Quadlets are essentially a systemd unit generator specifically for containers. Instead of manually writing complex .service files, you can use .container files (a simplified format) to define container behaviors, such as the image to use, environment variables, volumes, and restart policies.
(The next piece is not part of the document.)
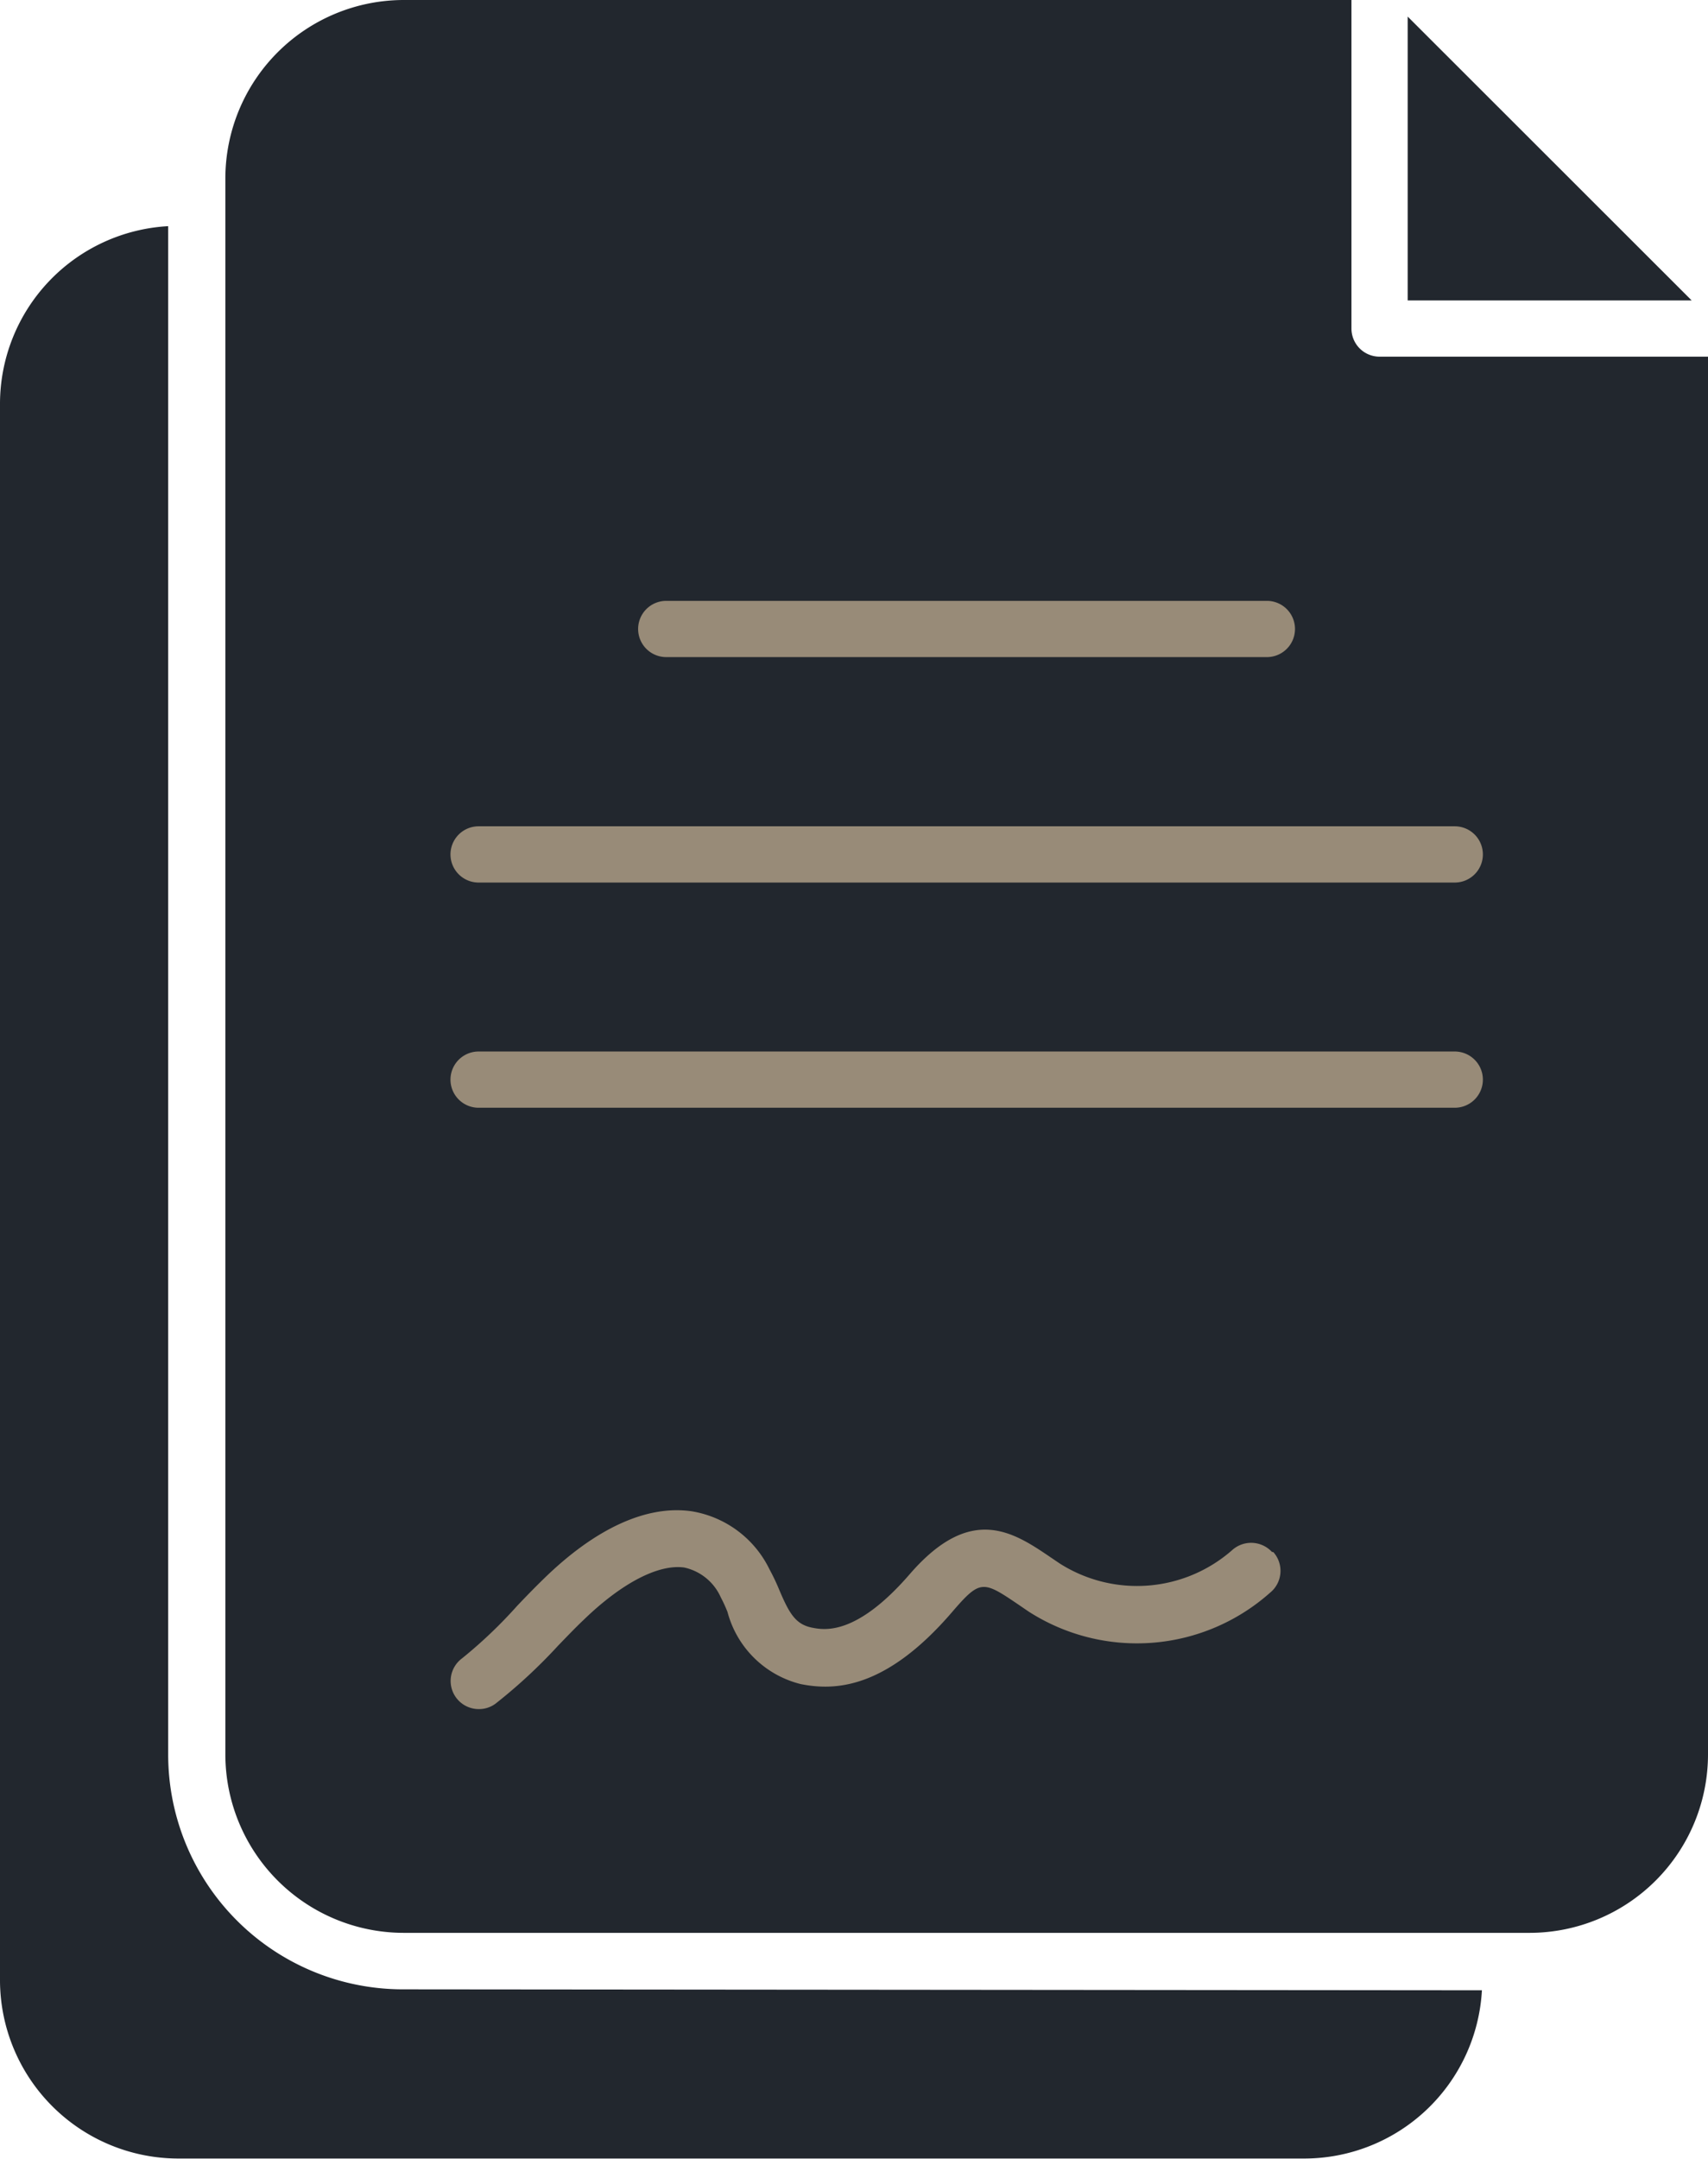 <?xml version="1.0" encoding="UTF-8"?> <svg xmlns="http://www.w3.org/2000/svg" xmlns:xlink="http://www.w3.org/1999/xlink" viewBox="0 0 71.09 89.84"><defs><style>.cls-1{fill:none;}.cls-2{clip-path:url(#clip-path);}.cls-3{fill:#22272e;}.cls-4{fill:#988b78;}</style><clipPath id="clip-path"><rect class="cls-1" width="71.09" height="89.84"></rect></clipPath></defs><title>Lease Drafting</title><g id="Layer_2" data-name="Layer 2"><g id="Layer_1-2" data-name="Layer 1"><g class="cls-2"><path class="cls-3" d="M61.68,82.81a7.41,7.41,0,0,1-7.38,7H7.42A7.43,7.43,0,0,1,0,82.42V16.8A7.41,7.41,0,0,1,7,9.41V73a9.77,9.77,0,0,0,9.76,9.77Z"></path><polygon class="cls-3" points="58.59 0.69 58.59 12.5 70.41 12.5 58.59 0.69"></polygon><path class="cls-3" d="M71.09,14.84V73a7.43,7.43,0,0,1-7.42,7.42H16.8A7.43,7.43,0,0,1,9.38,73V7.42A7.43,7.43,0,0,1,16.8,0H56.25V13.67a1.17,1.17,0,0,0,1.17,1.17Z"></path><path class="cls-4" d="M26.56,26.17a1.17,1.17,0,0,0,1.17,1.17h25a1.17,1.17,0,1,0,0-2.34h-25a1.17,1.17,0,0,0-1.17,1.17"></path><path class="cls-4" d="M52.94,64.57a1.18,1.18,0,0,0-1.66-.07,6,6,0,0,1-7.16.56l-.37-.25c-1.56-1.06-3.33-2.26-5.88.68-2.24,2.59-3.57,2.33-4.08,2.23-.68-.14-.94-.59-1.36-1.58a8.55,8.55,0,0,0-.4-.84,4.39,4.39,0,0,0-3.24-2.42c-1.86-.27-4,.7-6.16,2.81-.38.37-.75.75-1.11,1.13A19.48,19.48,0,0,1,19.23,69a1.17,1.17,0,0,0,.7,2.11,1.15,1.15,0,0,0,.7-.23,22,22,0,0,0,2.6-2.41c.35-.36.7-.73,1.06-1.07,1.59-1.54,3.12-2.33,4.19-2.18A2.17,2.17,0,0,1,30,66.46a6,6,0,0,1,.28.61,4.2,4.2,0,0,0,3.05,3c1.36.27,3.5.26,6.3-3,1.18-1.37,1.28-1.31,2.8-.28l.38.26a8.34,8.34,0,0,0,10.05-.78A1.17,1.17,0,0,0,53,64.58Z"></path><path class="cls-4" d="M61.72,44.92a1.17,1.17,0,0,0-1.17-1.17H19.92a1.17,1.17,0,1,0,0,2.34H60.55a1.17,1.17,0,0,0,1.17-1.17"></path><path class="cls-4" d="M61.72,35.55a1.17,1.17,0,0,0-1.17-1.17H19.92a1.17,1.17,0,1,0,0,2.34H60.55a1.17,1.17,0,0,0,1.17-1.17"></path></g></g></g></svg>

These .container files are easier to write and maintain compared to traditional .service files that might call podman run commands. Systemd then reads these Quadlet .container files and generates the appropriate .service units behind the scenes.

Setup:

app=bbox

# Create the systemd .container file
mkdir -p ~/.config/systemd/user 
cat <<-EOH |tee ~/.config/systemd/user/$app.container
[Container]
Image=docker.io/library/busybox:latest
Name=$app
Command=/usr/bin/start-app --flag
Volume=/host/data:/data:rw
Volume=/host/config:/config:ro
Network=host
Port=8080:80
Environment=ENV_VAR=value
Environment=TLS_CERT=/config/cert.pem
Environment=TLS_KEY=/config/key.pem
WorkDir=/app
Restart=always
EOH

# Enable/Start the service on user login
systemctl --user enable --now $app.container

# Enable lingering
loginctl enable-linger $(whoami)

This approach is cleaner and recommended if you are seeing warnings about Quadlets. Quadlets simplify the management of containers using systemd while retaining the flexibility of systemd service management.

podman play kube

Define the pod and its containers declaratively using Podman's podman play kube feature. This allows you to describe the entire pod (including its containers, volumes, and networking) in a K8s-compatible YAML file. The systemd service can then use this YAML file to start and manage the pod without requiring out-of-band podman commands.

Here’s how to do it:


1. Create a K8s-Compatible YAML File

Define the pod and its containers in a YAML file. Save it as /path/to/registry-pod.yaml:

apiVersion: v1
kind: Pod
metadata:
  name: registry-pod
spec:
  containers:
    - name: registry
      image: docker.io/library/registry:2
      volumeMounts:
        - name: registry-data
          mountPath: /var/lib/registry
      ports:
        - containerPort: 5000

    - name: nginx
      image: docker.io/library/nginx:alpine
      volumeMounts:
        - name: nginx-config
          mountPath: /etc/nginx/conf.d
        - name: nginx-ssl
          mountPath: /etc/nginx/ssl
      ports:
        - containerPort: 443

  volumes:
    - name: registry-data
      hostPath:
        path: /path/to/registry/data
        type: Directory
    - name: nginx-config
      hostPath:
        path: /path/to/nginx/conf.d
        type: Directory
    - name: nginx-ssl
      hostPath:
        path: /path/to/nginx/ssl
        type: Directory

2. Create the NGINX Configuration

Create the NGINX configuration file for the registry at /path/to/nginx/conf.d/registry.conf:

server {
    listen 443 ssl;
    server_name registry.example.com;

    ssl_certificate /etc/nginx/ssl/registry.crt;
    ssl_certificate_key /etc/nginx/ssl/registry.key;

    client_max_body_size 0; # Disable body size check for large uploads

    location / {
        proxy_pass http://localhost:5000;
        proxy_set_header Host $host;
        proxy_set_header X-Real-IP $remote_addr;
        proxy_set_header X-Forwarded-For $proxy_add_x_forwarded_for;
        proxy_set_header X-Forwarded-Proto $scheme;
    }
}

3. Create a Systemd Service

Create a systemd service file to manage the pod using the YAML file. Save it as /etc/systemd/system/registry-pod.service:

[Unit]
Description=CNCF Distribution Registry Pod (Podman)
After=network.target

[Service]
ExecStart=/usr/bin/podman play kube /path/to/registry-pod.yaml
ExecStop=/usr/bin/podman pod stop -t 10 registry-pod
ExecStopPost=/usr/bin/podman pod rm -f registry-pod
Restart=always

[Install]
WantedBy=multi-user.target

Reload systemd and start the service:

sudo systemctl daemon-reload
sudo systemctl start registry-pod
sudo systemctl enable registry-pod

4. Verify the Setup


5. Optional: Secure the Registry


Summary

This approach uses a declarative YAML file to define the pod and its containers, which is then managed by a systemd service. The podman play kube command reads the YAML file and creates the pod, ensuring that the entire setup is self-contained and reproducible without requiring out-of-band podman commands.